───── The data ─────

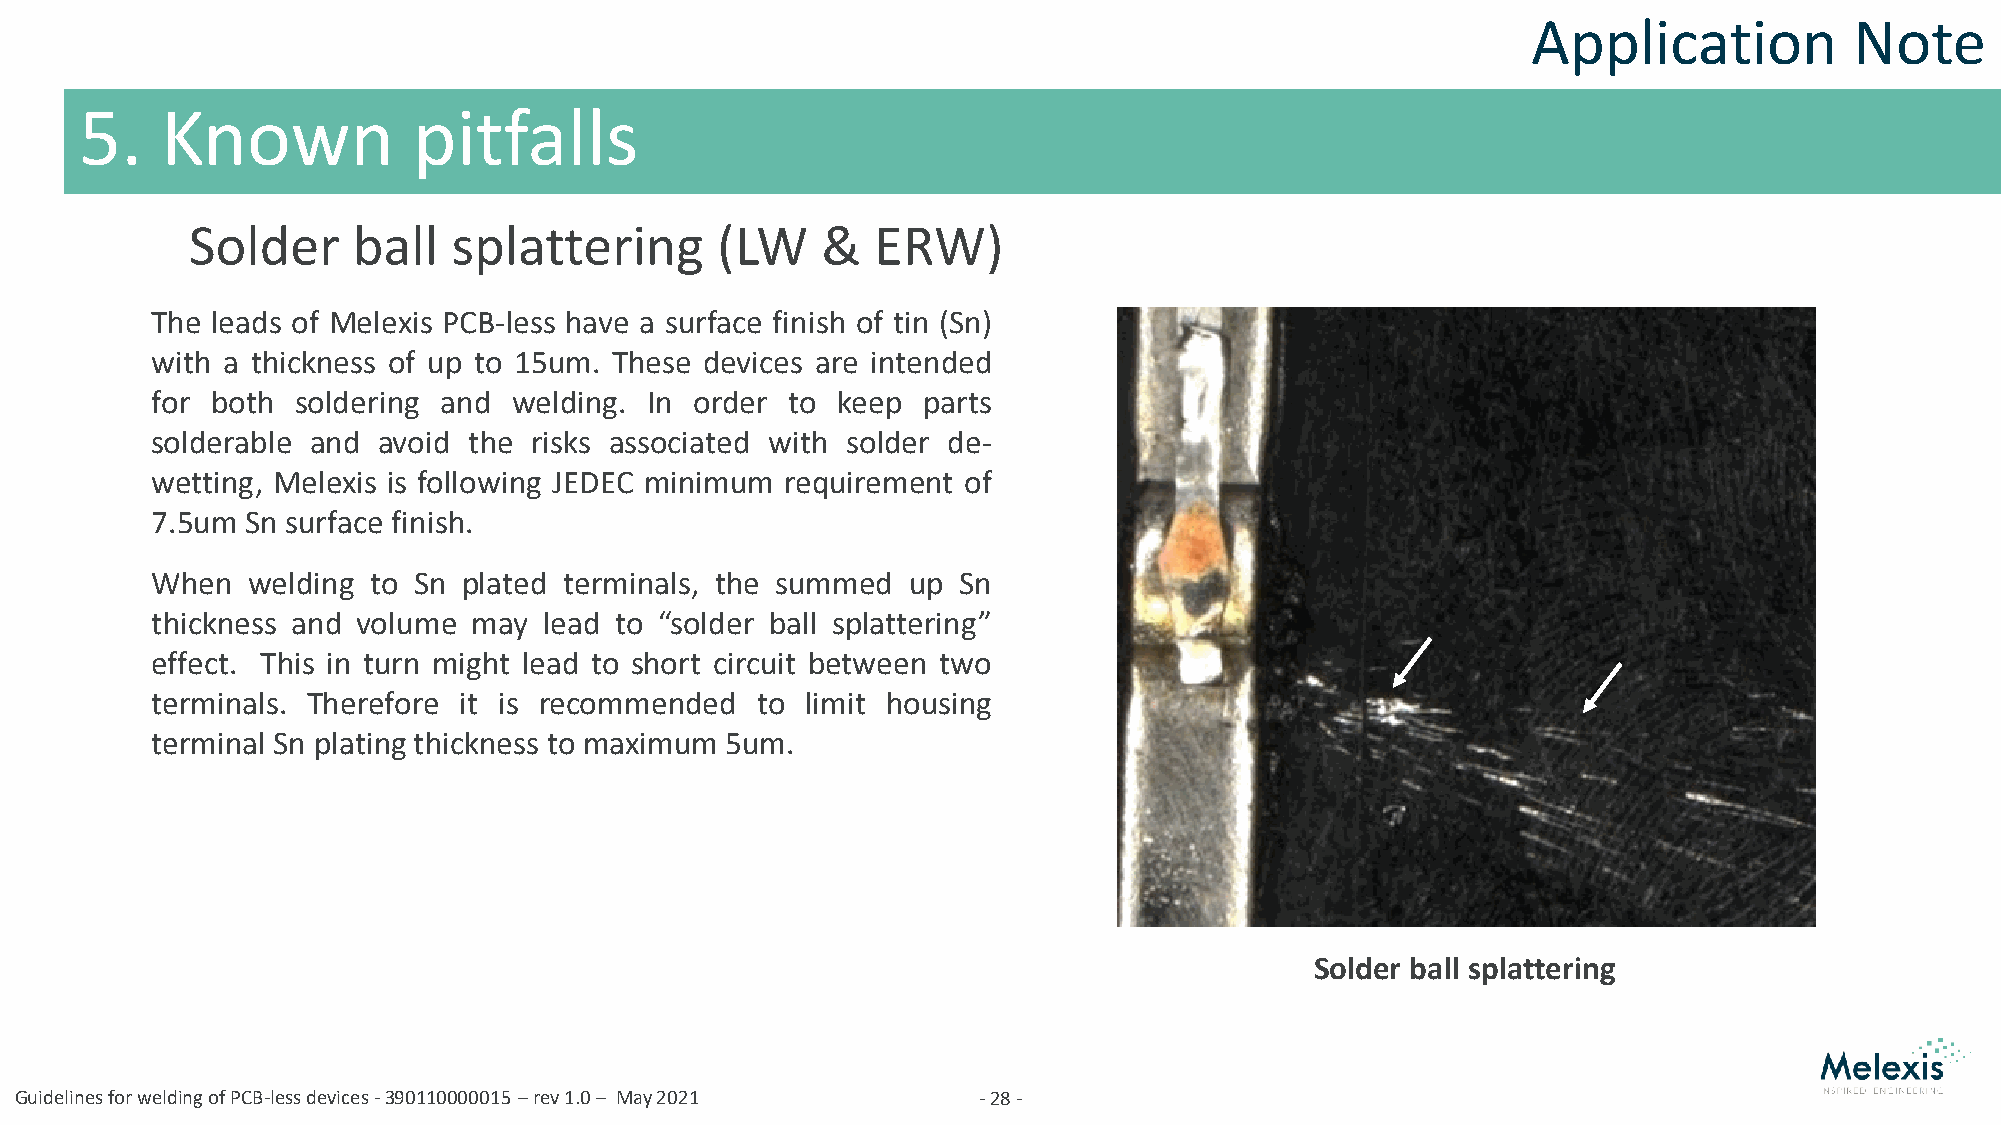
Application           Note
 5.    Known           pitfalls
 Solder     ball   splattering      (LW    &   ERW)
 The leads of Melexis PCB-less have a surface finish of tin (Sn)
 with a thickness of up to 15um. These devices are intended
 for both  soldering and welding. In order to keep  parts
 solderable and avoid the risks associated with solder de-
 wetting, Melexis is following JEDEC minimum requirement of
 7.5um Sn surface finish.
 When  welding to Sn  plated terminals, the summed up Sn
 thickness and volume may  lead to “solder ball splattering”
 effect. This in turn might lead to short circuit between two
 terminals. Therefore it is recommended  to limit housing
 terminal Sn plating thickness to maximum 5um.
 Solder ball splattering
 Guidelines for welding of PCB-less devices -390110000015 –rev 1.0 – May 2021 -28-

─────

Task prompt —
In the copy, include every entry above exactly and leave out each picture.

Solution —
Application           Note
 5.    Known           pitfalls
 Solder     ball   splattering      (LW    &   ERW)
 The leads of Melexis PCB-less have a surface finish of tin (Sn)
 with a thickness of up to 15um. These devices are intended
 for both  soldering and welding. In order to keep  parts
 solderable and avoid the risks associated with solder de-
 wetting, Melexis is following JEDEC minimum requirement of
 7.5um Sn surface finish.
 When  welding to Sn  plated terminals, the summed up Sn
 thickness and volume may  lead to “solder ball splattering”
 effect. This in turn might lead to short circuit between two
 terminals. Therefore it is recommended  to limit housing
 terminal Sn plating thickness to maximum 5um.
 Solder ball splattering
 Guidelines for welding of PCB-less devices -390110000015 –rev 1.0 – May 2021 -28-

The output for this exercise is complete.